Лишь однажды Степан случайно набрел на хорошую работу — по две смены кряду грузил на баржи арбузы. Работка до пару между лопаток, до чугунной усталости: под конец второй смены плавал в глазах красный туман, а сон — на какой бок лег, на том и проснулся — сваливал здесь же, на причале. Хороша была работка, хорошее стояло времечко, да арбузный сезон длится полтора только месяца…
Так же, как с любой из многих неродных работ — без зацепки в душе, мимолетно — сходился и запросто расставался Степан с женщинами. Может, где-то по крутым и отлогим волжским берегам и растут теперь дети с угольно-черными, в Степана, глазами, да только вряд ли: любая из женщин бессознательно определяла: Степан никогда не будет принадлежать ей до конца и, коротая с ним мимоходную жизнь, осторожничала… Лишь одна, Марией звали, красивая и еще молодая, решилась: честь по чести прописала его в своей комнатенке, однако при первом же удобном случае улизнула к другому, а Степан так и остался при ее хоромах. Да и тем доволен.

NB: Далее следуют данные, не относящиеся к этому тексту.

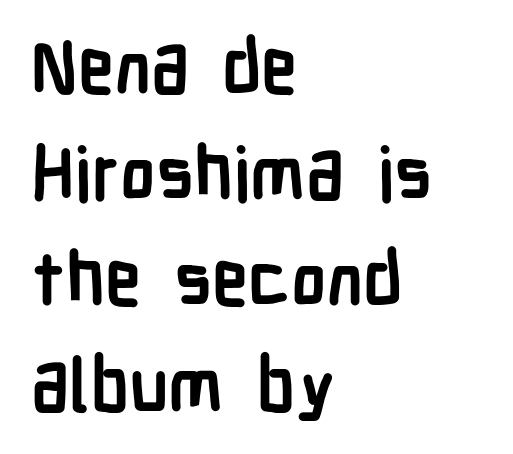
The image shows 73 px semibold, condensed sans-serif type, upright; set left-aligned, normal line spacing (1.45x), normal letter spacing, not underlined; low stroke contrast and a medium x-height.

Раз в октябре, когда без передыху целую неделю царапал душу мелкий дождь, когда ночи установились глухими и бесконечными, Степан, на беду свою, не был загружен отнимающей все силы работой. Сон пропал, память все настойчивее звала в прошлое, вновь и вновь выдвигала перед глазами жирный — не топтанный скотиной, не тронутый косцами — выгон, и серое пепелище — искалеченное свое село. В те тягостные дождливые ночи пришла на выручку выпивка…
Спервоначалу пил, лишь бы затуманить чересчур прозрачную свою память, забыться и повеселеть хотя бы на малое время. Постепенно дожил до запоя. Дурная неотвязная болезнь… Весь вольный свет теряет свой смысл и значение, в жизни не становится ни целей, ни радостей, кроме одной — заглушить нутряной жар, притупить боль в висках и в затылке… Это тянется одиннадцать бесконечных дней и ночей, и одиннадцать дней и ночей во рту у Степана не бывает ни крошки съестного, он зарастает щетиной и худеет так, что еле узнают знакомые. Самый невыносимый — седьмой день; тогда все кажется то черным, то красным, будто бы стегают тебя по глазам то черной, то красной рубахою. С этого дня сердце что-то зажимает и держит-держит, не дает как надо вздохнуть, мешает лежать на левом боку. На седьмом дню Степан ковыляет к Егоровне и, у ног ее валяясь, памятью детей своих просит свезти его в вытрезвитель, в милицию или хоть к черту на рога. Сердечна, безотказна Егоровна: через нее и вытрезвители знает Степан, и в психиатрическую клинику, где больные чересчур суетливы, а их родственники разговаривают шепотом, водила она Степана, да все без толку, не помогало.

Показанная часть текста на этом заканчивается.